13.2 Give one chemical test to distinguish between the following pairs of compounds. (i) Methylamine and dimethylamine (ii) Secondary and tertiary amines (iii) Ethylamine and aniline (iv) Aniline and benzylamine (v) Aniline and N-methylaniline.

13.3 Account for the following: (i) pKb of aniline is more than that of methylamine. (ii) Ethylamine is soluble in water whereas aniline is not. (iii) Methylamine in water reacts with ferric chloride to precipitate hydrated ferric oxide. (iv) Although amino group is o– and p– directing in aromatic electrophilic substitution reactions, aniline on nitration gives a substantial amount of m-nitroaniline. (v) Aniline does not undergo Friedel-Crafts reaction. (vi) Diazonium salts of aromatic amines are more stable than those of aliphatic amines. (vii) Gabriel phthalimide synthesis is preferred for synthesising primary amines.

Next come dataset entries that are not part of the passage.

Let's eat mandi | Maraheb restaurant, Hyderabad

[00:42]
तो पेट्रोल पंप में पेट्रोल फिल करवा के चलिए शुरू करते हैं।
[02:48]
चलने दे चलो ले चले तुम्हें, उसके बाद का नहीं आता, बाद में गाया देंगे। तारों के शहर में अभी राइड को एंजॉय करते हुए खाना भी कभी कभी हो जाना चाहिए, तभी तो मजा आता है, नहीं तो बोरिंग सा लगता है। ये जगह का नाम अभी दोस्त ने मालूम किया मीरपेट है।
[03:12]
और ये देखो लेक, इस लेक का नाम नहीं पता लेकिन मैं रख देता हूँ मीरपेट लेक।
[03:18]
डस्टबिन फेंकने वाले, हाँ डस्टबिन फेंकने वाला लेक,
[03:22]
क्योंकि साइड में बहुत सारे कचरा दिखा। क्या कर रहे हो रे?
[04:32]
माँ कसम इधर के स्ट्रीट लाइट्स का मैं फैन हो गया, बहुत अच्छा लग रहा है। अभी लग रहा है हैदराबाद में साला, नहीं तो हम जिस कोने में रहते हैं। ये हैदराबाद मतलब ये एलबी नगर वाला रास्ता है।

13.4 Arrange the following: (i) In decreasing order of the pKb values: C2H5NH2 , C6H5NHCH3 , (C2H5 ) 2NH and C6H5NH2

(ii) In increasing order of basic strength: C6H5NH2 , C6H5N(CH3 ) 2 , (C2H5 ) 2NH and CH3NH2 (iii) In increasing order of basic

strength: (a) Aniline, p-nitroaniline and p-toluidine (b) C6H5NH2 , C6H5NHCH3 , C6H5CH2NH2 . (iv) In decreasing order of basic

strength in gas phase: C2H5NH2 , (C2H5 ) 2NH, (C2H5 ) 3N and NH3 (v) In increasing order of boiling point: C2H5OH, (CH3 ) 2NH,

C2H5NH2 (vi) In increasing order of solubility in water: C6H5NH2 , (C2H5 ) 2NH, C2H5NH2 .

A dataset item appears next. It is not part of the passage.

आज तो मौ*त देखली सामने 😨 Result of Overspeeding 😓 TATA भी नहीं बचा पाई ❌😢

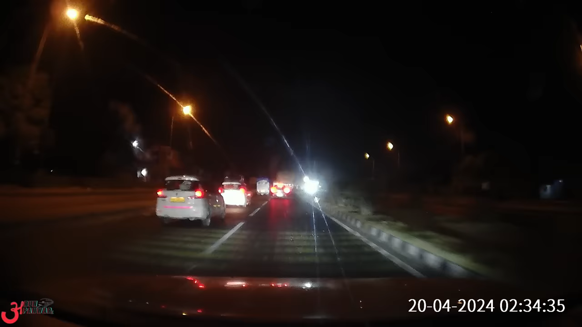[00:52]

13.5 How will you convert: (i) Ethanoic acid into methanamine (ii) Hexanenitrile into 1-aminopentane (iii) Methanol to ethanoic acid

(iv) Ethanamine into methanamine (v) Ethanoic acid into propanoic acid (vi) Methanamine into ethanamine (vii) Nitromethane into

dimethylamine (viii) Propanoic acid into ethanoic acid?

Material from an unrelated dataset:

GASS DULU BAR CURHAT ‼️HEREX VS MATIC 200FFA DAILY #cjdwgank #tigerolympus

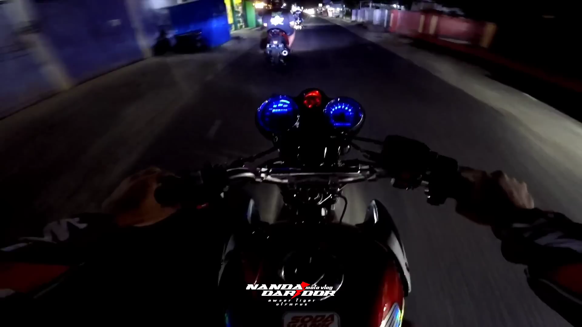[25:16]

13.6 Describe a method for the identification of primary, secondary and tertiary amines. Also write chemical equations of the reactions involved.

13.7 Write short notes on the following: (i) Carbylamine reaction (ii) Diazotisation (iii) Hofmann’s bromamide reaction (iv) Coupling reaction (v) Ammonolysis (vi) Acetylation (vii) Gabriel phthalimide synthesis

13.8 Accomplish the following conversions: (i) Nitrobenzene to benzoic acid (ii) Benzene to m-bromophenol (iii) Benzoic acid to aniline

(iv) Aniline to 2,4,6-tribromofluorobenzene (v) Benzyl chloride to 2-phenylethanamine (vi) Chlorobenzene to p-chloroaniline

(vii) Aniline to p-bromoaniline (viii) Benzamide to toluene (ix) Aniline to benzyl alcohol.

13.9 An aromatic compound ‘A’ on treatment with aqueous ammonia and heating forms compound ‘B’ which on heating with Br2 and KOH forms a compound ‘C’ of molecular formula C6H7N. Write the structures and IUPAC names of compounds A, B and C.

13.10 Why cannot aromatic primary amines be prepared by Gabriel phthalimide synthesis?

13.11 Write the reactions of (i) aromatic and (ii) aliphatic primary amines with nitrous acid.

13.12 Give plausible explanation for each of the following: (i) Why are amines less acidic than alcohols of comparable molecular masses? (ii) Why do primary amines have higher boiling point than tertiary amines? (iii) Why are aliphatic amines stronger bases than aromatic amines?